The redirection worked. For example, given these steps, /tmp/a would be empty, /tmp/b contains the vanilla checkout of opam-repository, and /tmp/c contains the difference: /tmp/c/.deleted with the files removed, /tmp/c/opam-repository/... and /tmp/c/opam-repository/.git with just the files which contain differences.
% mkdir /tmp/a /tmp/b /tmp/c
% WRAPPER_LOWER=/tmp/a WRAPPER_UPPER=/tmp/b git -C /usr/local clone https://github.com/ocaml/opam-repository
% WRAPPER_LOWER=/tmp/b WRAPPER_UPPER=/tmp/c git -C /usr/local/opam-repository checkout c35a0314d6c7c7260c978f490fb8f7109f4e9766
Extending this further allows /tmp/d to be created with a different delta.
% mkdir /tmp/d
% WRAPPER_LOWER=/tmp/b WRAPPER_UPPER=/tmp/d git -C /usr/local/opam-repository checkout f33f62ebff75cd03620d09d46a4540340f5564a6
Annoyingly, this revealed a significant issue: running git status on /tmp/c showed that files had changed. I presumed there was a flaw in my code which was corrupting the files, but I couldn’t find it. Examining the files on disk showed that they were correct, but when reading them through Fuse, gave different data:
% for x in c d ; do cat /tmp/$x/opam-repository/.git/HEAD ; WRAPPER_LOWER=/tmp/b WRAPPER_UPPER=/tmp/$x cat /usr/local/opam-repository/.git/HEAD ; done
c35a0314d6c7c7260c978f490fb8f7109f4e9766
c35a0314d6c7c7260c978f490fb8f7109f4e9766
f33f62ebff75cd03620d09d46a4540340f5564a6
c35a0314d6c7c7260c978f490fb8f7109f4e9766
The log showed the root cause - two OPEN calls, but only a single READ. The kernel is caching the reads.
% grep OPEN log5.txt
unique: 2, opcode: OPEN (14), nodeid: 4, insize: 48, pid: 52976
*** OPEN: /opam-repository/.git/HEAD from UPPER: /tmp/c/opam-repository/.git/HEAD ***
unique: 3, opcode: OPEN (14), nodeid: 4, insize: 48, pid: 52980
*** OPEN: /opam-repository/.git/HEAD from UPPER: /tmp/d/opam-repository/.git/HEAD ***
% grep READ log5.txt
unique: 3, opcode: READ (15), nodeid: 4, insize: 80, pid: 52976
You can disable attribute caching with -o attr_timeout=0 -o entry_timeout=0, and you can circumvent the cache by specifying -o direct_io. Setting direct_io is sufficient to resolve the issue in a simple cat test, but it has the side effect of disabling mmap(), which causes git to crash with a bus error. Setting fi->keep_cache = 0 doesn’t prevent the cache.

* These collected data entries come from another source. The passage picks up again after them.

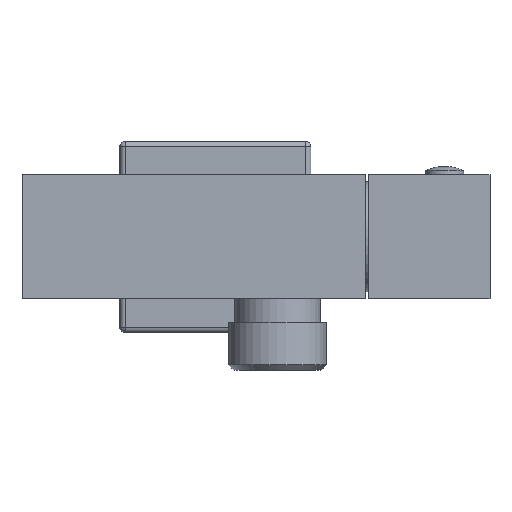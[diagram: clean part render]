
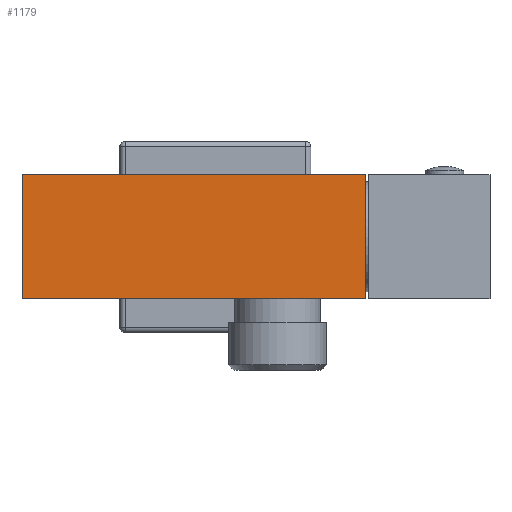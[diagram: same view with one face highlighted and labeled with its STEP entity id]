
A CAD part, top view. The second image highlights one B-rep face of the part: STEP entity #1179.
In plain terms, the highlighted planar face has unit normal (0, 0, 1).
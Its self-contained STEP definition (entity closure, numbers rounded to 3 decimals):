
#140=DIRECTION('',(1.,0.,0.));
#141=VECTOR('',#140,72.);
#142=CARTESIAN_POINT('',(-73.5,-13.,13.));
#143=LINE('',#142,#141);
#494=DIRECTION('',(0.,1.,0.));
#495=VECTOR('',#494,26.);
#496=CARTESIAN_POINT('',(-1.5,-13.,13.));
#497=LINE('',#496,#495);
#498=DIRECTION('',(0.,1.,0.));
#499=VECTOR('',#498,26.);
#500=CARTESIAN_POINT('',(-73.5,-13.,13.));
#501=LINE('',#500,#499);
#539=DIRECTION('',(1.,0.,0.));
#540=VECTOR('',#539,72.);
#541=CARTESIAN_POINT('',(-73.5,13.,13.));
#542=LINE('',#541,#540);
#570=CARTESIAN_POINT('',(-73.5,-13.,13.));
#571=VERTEX_POINT('',#570);
#576=CARTESIAN_POINT('',(-73.5,13.,13.));
#577=VERTEX_POINT('',#576);
#616=CARTESIAN_POINT('',(-1.5,-13.,13.));
#618=VERTEX_POINT('',#616);
#620=CARTESIAN_POINT('',(-1.5,13.,13.));
#622=VERTEX_POINT('',#620);
#1166=CARTESIAN_POINT('',(-73.5,-13.,13.));
#1167=DIRECTION('',(0.,0.,1.));
#1168=DIRECTION('',(1.,0.,0.));
#1169=AXIS2_PLACEMENT_3D('',#1166,#1167,#1168);
#1170=PLANE('',#1169);
#1171=ORIENTED_EDGE('',*,*,#994,.F.);
#1172=ORIENTED_EDGE('',*,*,#685,.F.);
#1174=ORIENTED_EDGE('',*,*,#1173,.T.);
#1176=ORIENTED_EDGE('',*,*,#1175,.T.);
#1177=EDGE_LOOP('',(#1171,#1172,#1174,#1176));
#1178=FACE_OUTER_BOUND('',#1177,.F.);
#685=EDGE_CURVE('',#571,#618,#143,.T.);
#994=EDGE_CURVE('',#618,#622,#497,.T.);
#1173=EDGE_CURVE('',#571,#577,#501,.T.);
#1175=EDGE_CURVE('',#577,#622,#542,.T.);
#1179=ADVANCED_FACE('',(#1178),#1170,.T.);
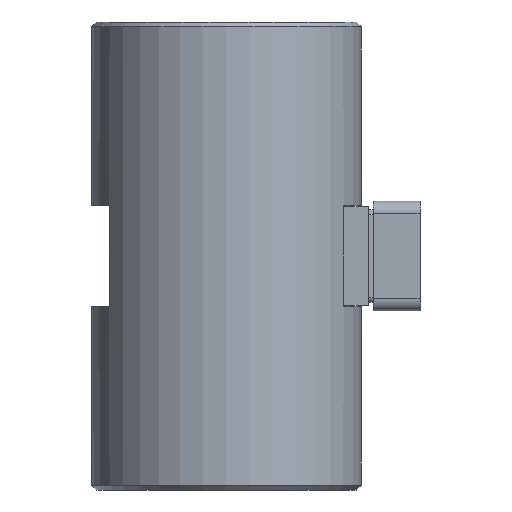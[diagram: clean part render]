
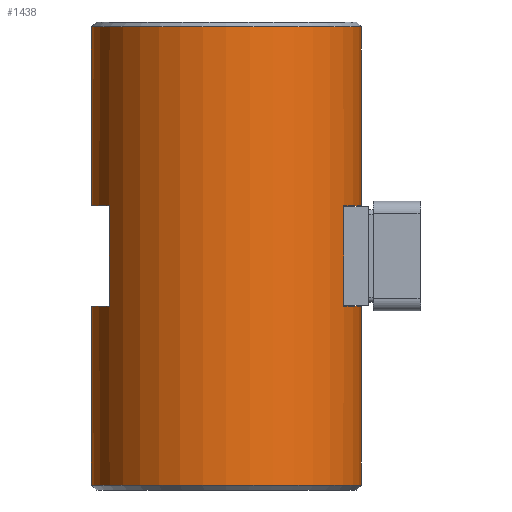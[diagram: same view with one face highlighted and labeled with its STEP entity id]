
A CAD part, front view. The second image highlights one B-rep face of the part: STEP entity #1438.
In plain terms, the highlighted cylindrical face has radius 34.798 mm (diameter 69.596 mm), a full revolution.
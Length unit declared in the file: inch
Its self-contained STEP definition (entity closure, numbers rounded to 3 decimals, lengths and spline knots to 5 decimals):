
#1303=CARTESIAN_POINT('',(1.37,0.,-2.325));
#1304=VERTEX_POINT('',#1303);
#1305=CARTESIAN_POINT('',(0.,0.0,-2.325));
#1306=DIRECTION('',(0.0,0.0,-1.0));
#1307=DIRECTION('',(-1.0,0.0,0.0));
#1308=AXIS2_PLACEMENT_3D('',#1305,#1306,#1307);
#1309=CIRCLE('',#1308,1.37);
#1310=EDGE_CURVE('',#1304,#1304,#1309,.T.);
#1315=CARTESIAN_POINT('',(0.,0.0,-2.375));
#1316=DIRECTION('',(0.0,0.0,1.0));
#1317=DIRECTION('',(1.0,0.0,0.0));
#1318=AXIS2_PLACEMENT_3D('',#1315,#1316,#1317);
#1319=CYLINDRICAL_SURFACE('',#1318,1.37);
#1320=ORIENTED_EDGE('',*,*,#1310,.F.);
#1321=EDGE_LOOP('',(#1320));
#1322=FACE_OUTER_BOUND('',#1321,.T.);
#1323=CARTESIAN_POINT('',(1.19,0.67882,-0.5125));
#1324=VERTEX_POINT('',#1323);
#1325=CARTESIAN_POINT('',(1.19,-0.67882,-0.5125));
#1326=VERTEX_POINT('',#1325);
#1327=CARTESIAN_POINT('',(0.,0.0,-0.5125));
#1328=DIRECTION('',(0.0,0.0,-1.0));
#1329=DIRECTION('',(1.0,0.0,0.0));
#1330=AXIS2_PLACEMENT_3D('',#1327,#1328,#1329);
#1331=CIRCLE('',#1330,1.37);
#1332=EDGE_CURVE('',#1324,#1326,#1331,.T.);
#1333=ORIENTED_EDGE('',*,*,#1332,.T.);
#1334=CARTESIAN_POINT('',(1.19,-0.67882,0.5125));
#1335=VERTEX_POINT('',#1334);
#1336=CARTESIAN_POINT('',(1.19,-0.67882,-0.5125));
#1337=DIRECTION('',(0.0,0.0,1.0));
#1338=VECTOR('',#1337,1.025);
#1339=LINE('',#1336,#1338);
#1340=EDGE_CURVE('',#1326,#1335,#1339,.T.);
#1341=ORIENTED_EDGE('',*,*,#1340,.T.);
#1342=CARTESIAN_POINT('',(1.19,0.67882,0.5125));
#1343=VERTEX_POINT('',#1342);
#1344=CARTESIAN_POINT('',(0.,0.0,0.5125));
#1345=DIRECTION('',(0.0,0.0,1.0));
#1346=DIRECTION('',(1.0,0.0,0.0));
#1347=AXIS2_PLACEMENT_3D('',#1344,#1345,#1346);
#1348=CIRCLE('',#1347,1.37);
#1349=EDGE_CURVE('',#1335,#1343,#1348,.T.);
#1350=ORIENTED_EDGE('',*,*,#1349,.T.);
#1351=CARTESIAN_POINT('',(1.19,0.67882,0.5125));
#1352=DIRECTION('',(0.0,0.0,-1.0));
#1353=VECTOR('',#1352,1.025);
#1354=LINE('',#1351,#1353);
#1355=EDGE_CURVE('',#1343,#1324,#1354,.T.);
#1356=ORIENTED_EDGE('',*,*,#1355,.T.);
#1357=EDGE_LOOP('',(#1333,#1341,#1350,#1356));
#1358=FACE_BOUND('',#1357,.T.);
#1359=CARTESIAN_POINT('',(-1.19,-0.67882,-0.5125));
#1360=VERTEX_POINT('',#1359);
#1361=CARTESIAN_POINT('',(-1.19,0.67882,-0.5125));
#1362=VERTEX_POINT('',#1361);
#1363=CARTESIAN_POINT('',(0.,0.0,-0.5125));
#1364=DIRECTION('',(0.0,0.0,-1.0));
#1365=DIRECTION('',(1.0,0.0,0.0));
#1366=AXIS2_PLACEMENT_3D('',#1363,#1364,#1365);
#1367=CIRCLE('',#1366,1.37);
#1368=EDGE_CURVE('',#1360,#1362,#1367,.T.);
#1369=ORIENTED_EDGE('',*,*,#1368,.T.);
#1370=CARTESIAN_POINT('',(-1.19,0.67882,-0.5));
#1371=VERTEX_POINT('',#1370);
#1372=CARTESIAN_POINT('',(-1.19,0.67882,-0.5125));
#1373=DIRECTION('',(0.,0.,1.0));
#1374=VECTOR('',#1373,0.0125);
#1375=LINE('',#1372,#1374);
#1376=EDGE_CURVE('',#1362,#1371,#1375,.T.);
#1377=ORIENTED_EDGE('',*,*,#1376,.T.);
#1378=CARTESIAN_POINT('',(-1.19,0.67882,0.5));
#1379=VERTEX_POINT('',#1378);
#1380=CARTESIAN_POINT('',(-1.19,0.67882,-0.5));
#1381=DIRECTION('',(0.0,0.0,1.0));
#1382=VECTOR('',#1381,1.0);
#1383=LINE('',#1380,#1382);
#1384=EDGE_CURVE('',#1371,#1379,#1383,.T.);
#1385=ORIENTED_EDGE('',*,*,#1384,.T.);
#1386=CARTESIAN_POINT('',(-1.19,0.67882,0.5125));
#1387=VERTEX_POINT('',#1386);
#1388=CARTESIAN_POINT('',(-1.19,0.67882,0.5));
#1389=DIRECTION('',(0.,0.,1.0));
#1390=VECTOR('',#1389,0.0125);
#1391=LINE('',#1388,#1390);
#1392=EDGE_CURVE('',#1379,#1387,#1391,.T.);
#1393=ORIENTED_EDGE('',*,*,#1392,.T.);
#1394=CARTESIAN_POINT('',(-1.19,-0.67882,0.5125));
#1395=VERTEX_POINT('',#1394);
#1396=CARTESIAN_POINT('',(0.,0.0,0.5125));
#1397=DIRECTION('',(0.0,0.0,1.0));
#1398=DIRECTION('',(1.0,0.0,0.0));
#1399=AXIS2_PLACEMENT_3D('',#1396,#1397,#1398);
#1400=CIRCLE('',#1399,1.37);
#1401=EDGE_CURVE('',#1387,#1395,#1400,.T.);
#1402=ORIENTED_EDGE('',*,*,#1401,.T.);
#1403=CARTESIAN_POINT('',(-1.19,-0.67882,0.5));
#1404=VERTEX_POINT('',#1403);
#1405=CARTESIAN_POINT('',(-1.19,-0.67882,0.5125));
#1406=DIRECTION('',(0.,0.,-1.0));
#1407=VECTOR('',#1406,0.0125);
#1408=LINE('',#1405,#1407);
#1409=EDGE_CURVE('',#1395,#1404,#1408,.T.);
#1410=ORIENTED_EDGE('',*,*,#1409,.T.);
#1411=CARTESIAN_POINT('',(-1.19,-0.67882,-0.5));
#1412=VERTEX_POINT('',#1411);
#1413=CARTESIAN_POINT('',(-1.19,-0.67882,0.5));
#1414=DIRECTION('',(0.0,0.0,-1.0));
#1415=VECTOR('',#1414,1.0);
#1416=LINE('',#1413,#1415);
#1417=EDGE_CURVE('',#1404,#1412,#1416,.T.);
#1418=ORIENTED_EDGE('',*,*,#1417,.T.);
#1419=CARTESIAN_POINT('',(-1.19,-0.67882,-0.5));
#1420=DIRECTION('',(0.,0.,-1.0));
#1421=VECTOR('',#1420,0.0125);
#1422=LINE('',#1419,#1421);
#1423=EDGE_CURVE('',#1412,#1360,#1422,.T.);
#1424=ORIENTED_EDGE('',*,*,#1423,.T.);
#1425=EDGE_LOOP('',(#1369,#1377,#1385,#1393,#1402,#1410,#1418,#1424));
#1426=FACE_BOUND('',#1425,.T.);
#1427=CARTESIAN_POINT('',(-1.37,0.0,2.325));
#1428=VERTEX_POINT('',#1427);
#1429=CARTESIAN_POINT('',(0.,0.0,2.325));
#1430=DIRECTION('',(0.0,0.0,1.0));
#1431=DIRECTION('',(-1.0,0.0,0.0));
#1432=AXIS2_PLACEMENT_3D('',#1429,#1430,#1431);
#1433=CIRCLE('',#1432,1.37);
#1434=EDGE_CURVE('',#1428,#1428,#1433,.T.);
#1435=ORIENTED_EDGE('',*,*,#1434,.F.);
#1436=EDGE_LOOP('',(#1435));
#1437=FACE_BOUND('',#1436,.T.);
#1438=ADVANCED_FACE('',(#1322,#1358,#1426,#1437),#1319,.T.);

The kernel asks Fuse to allocate a node ID for a path. The node ID number is passed as a parameter to GETATTR, OPEN and READ. Even though GETATTR returns different mtime values at the second call, the kernel still sees a cache hit and returns the file content from the cache.
To control the node ID allocation process this needs to be rewritten using the Fuse low level API. This would allow full control over the allocation process and gives access to calls such as fuse_lowlevel_notify_inval_inode().
My work-in-progress code is available on GitHub mtelvers/macfuse.